My Yoga Journey – beginnings

yogajourney1Yoga and I have had an on-off relationship for 30 years.  It was sparked by the hippie van I saw parked in a driveway outside a colourful scruffy house in North Kensington [think Notting Hill, Portobello Road area].   I wanted to know who that van belonged to, what was going on in that house, so I went up to the door and knocked.

 

And so began my journey into yoga.  The date?  Sometime in 1986. I was 34 and living in a large one bedroomed flat in an old mansion house in Oxford Gardens, London W10. Four years before that I’d been living in Portugal for a year with a faded jaded rock musician. He died in a car crash and I returned to the UK.  After 3 years I’d found the flat and settled into a new adventure.

sivanandasignThe ‘hippie’ house and the van belonged to the Sivananda Vedanta Centre.  The residents were all yogi’s.
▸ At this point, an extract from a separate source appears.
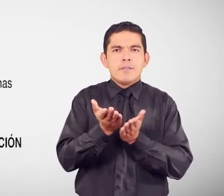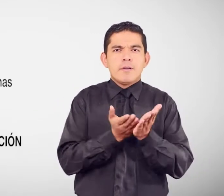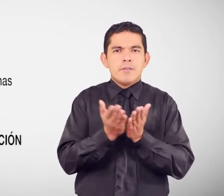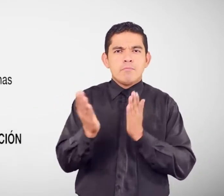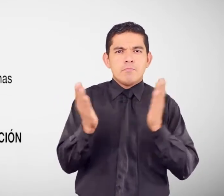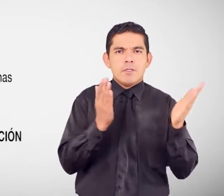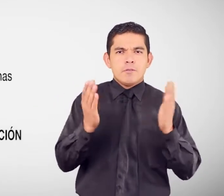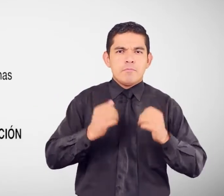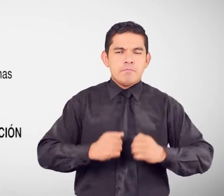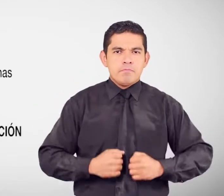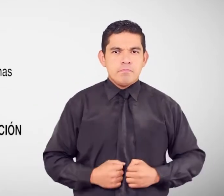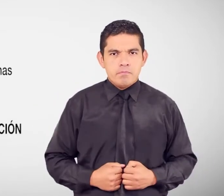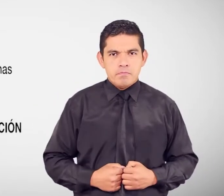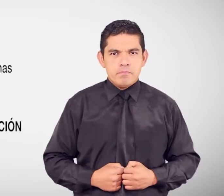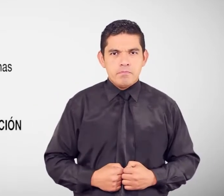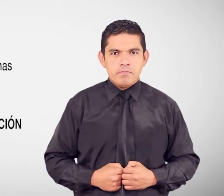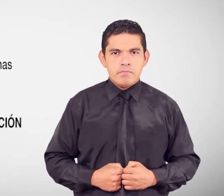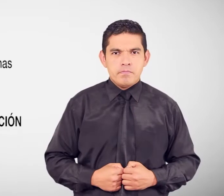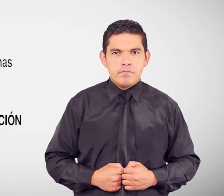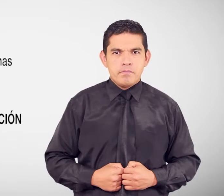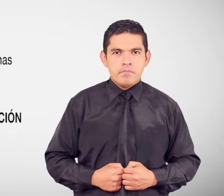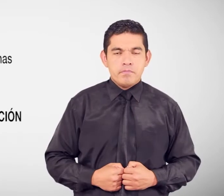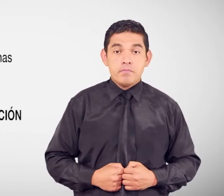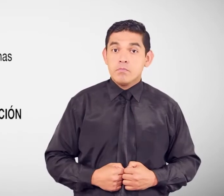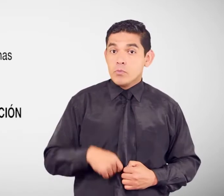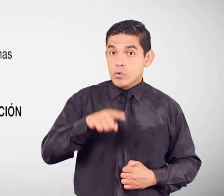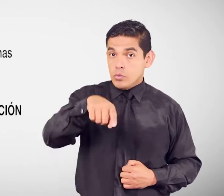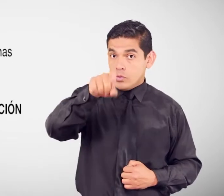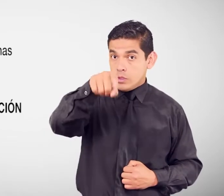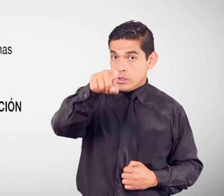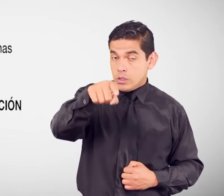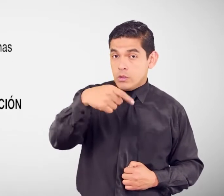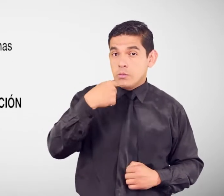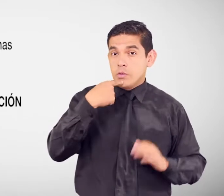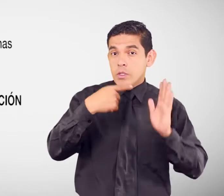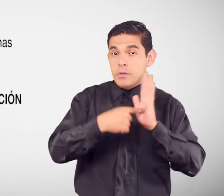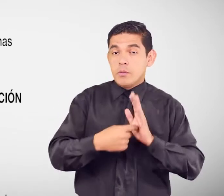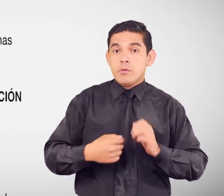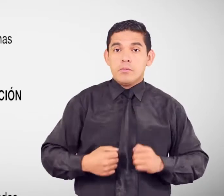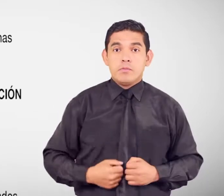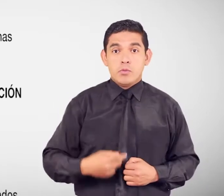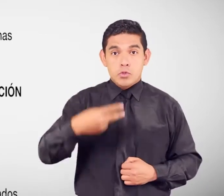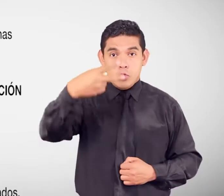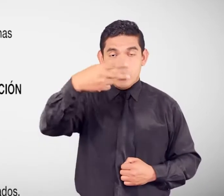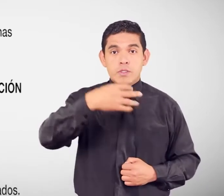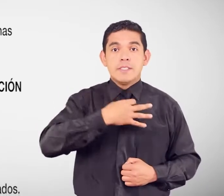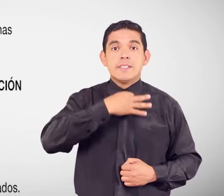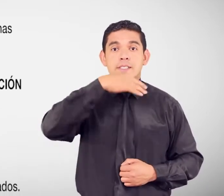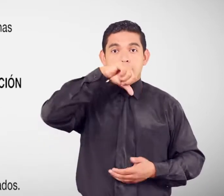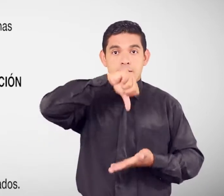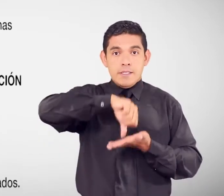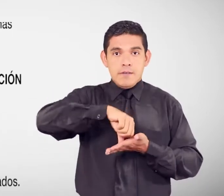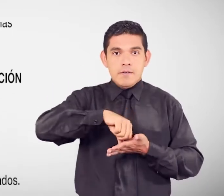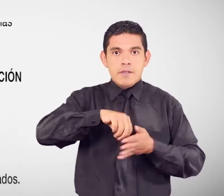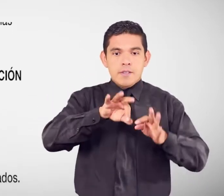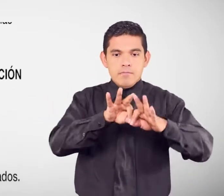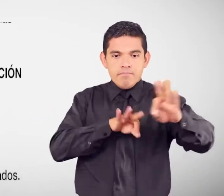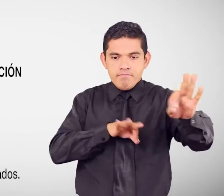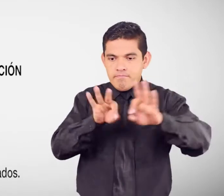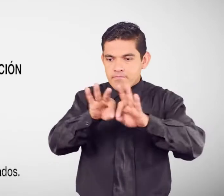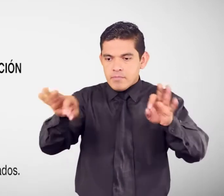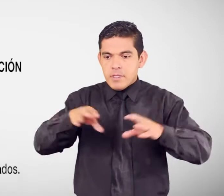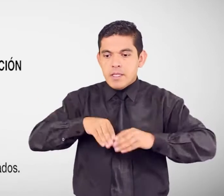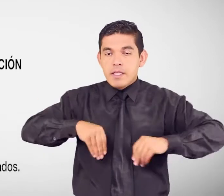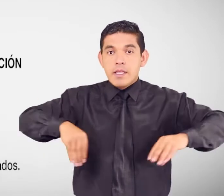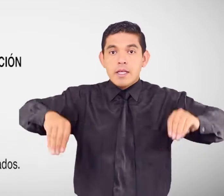Si necesitas 2. Civil Demarcación de linderos Participación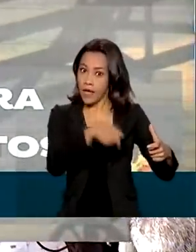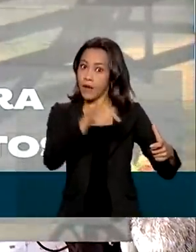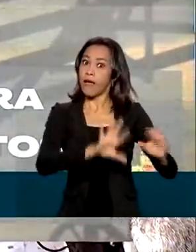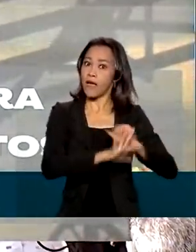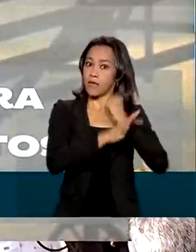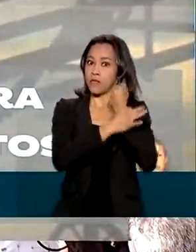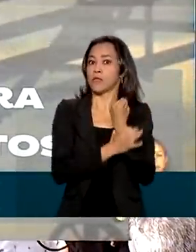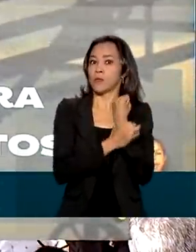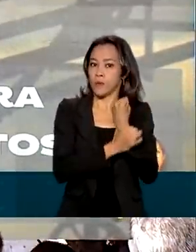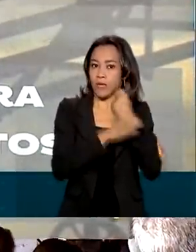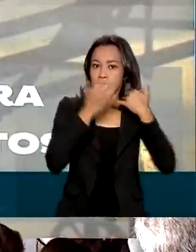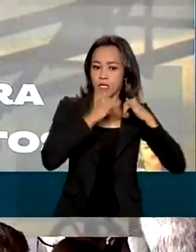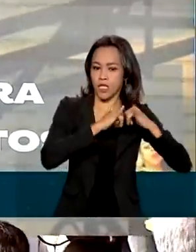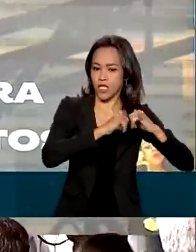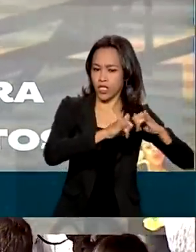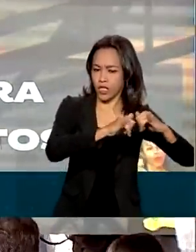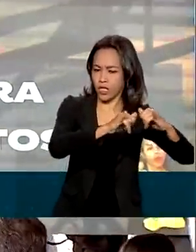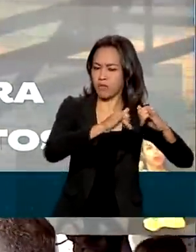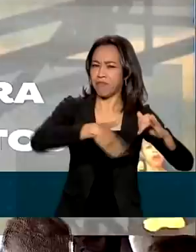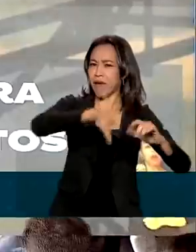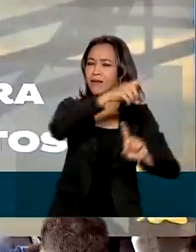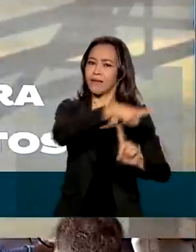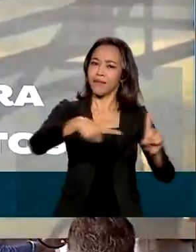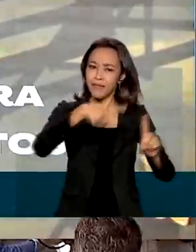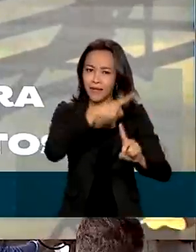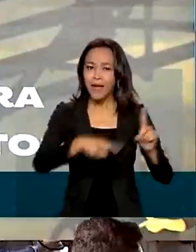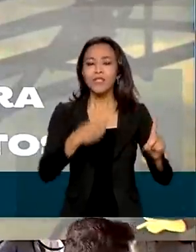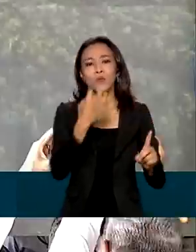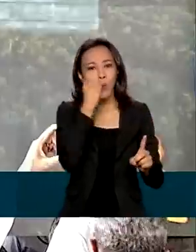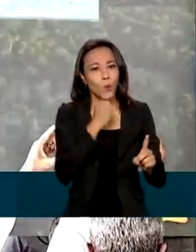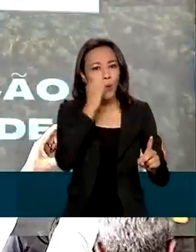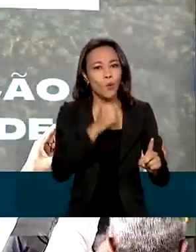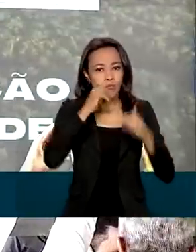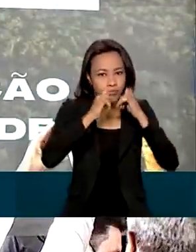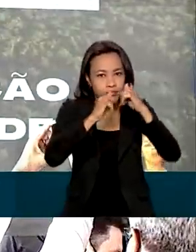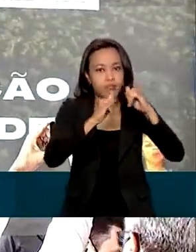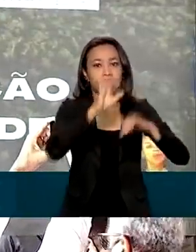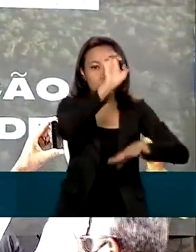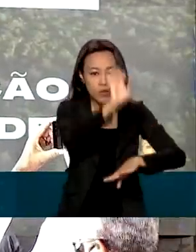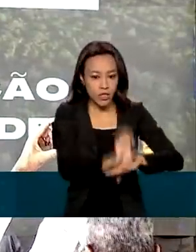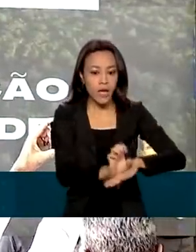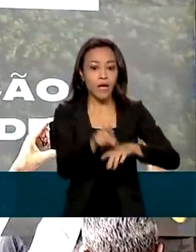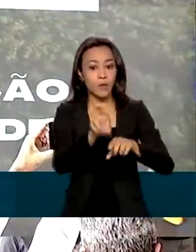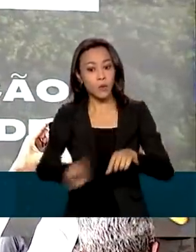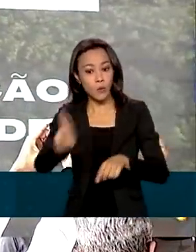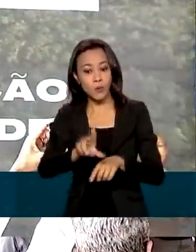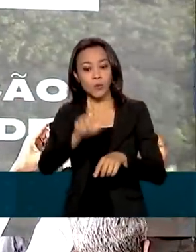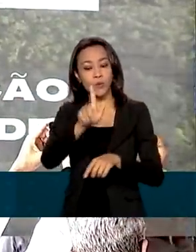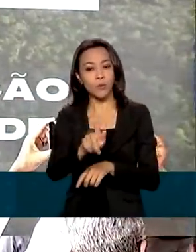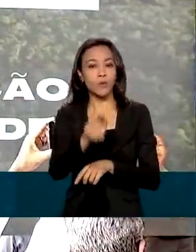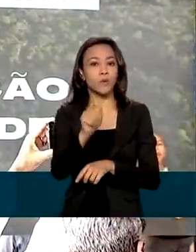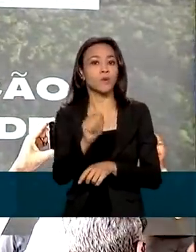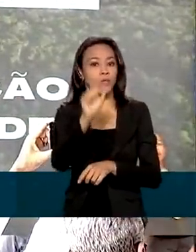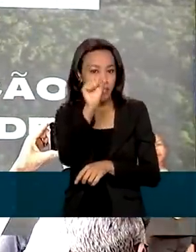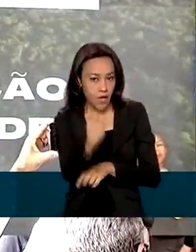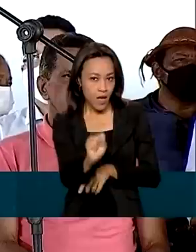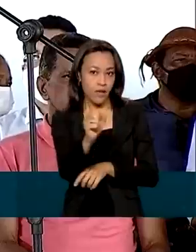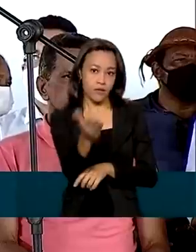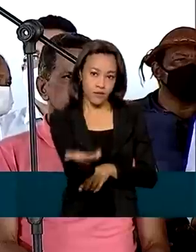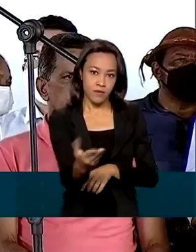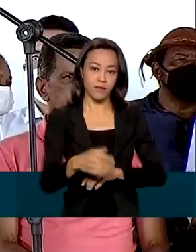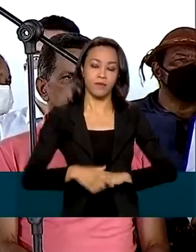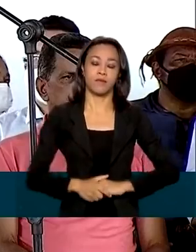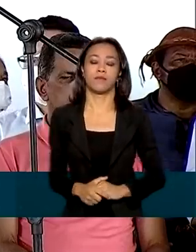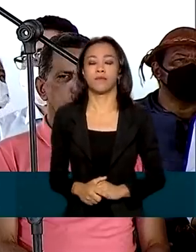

They wore white, they meditated every day, they practised yoga on a regular basis, from the spiritual aspects to asanas.  Their practice was set around 12 asanas including the headstand.  They ate according to the Yogic principles choosing only Sattvic food, that which creates peace, eschewing flesh, mushrooms, onions, garlic, hot spices, stimulants for whole grains, milk, butter, cheese, fruits,legumes,vegetables, nuts, seeds, honey and herb teas.

When they had to close down the Kensington house, the yogis migrated to another Sivananda centre in Putney, SW London, where, synchronistically, my partner and I had purchased a flat . We attended weeky yoga classes at the centre, where meditation and pranayama were integrated into the asana practice. Afterwards we ate an Ayurvedic feast for £1. Sometimes we would practice at home. Headstands were included early on and it was kind of fun doing that.. We were younger then!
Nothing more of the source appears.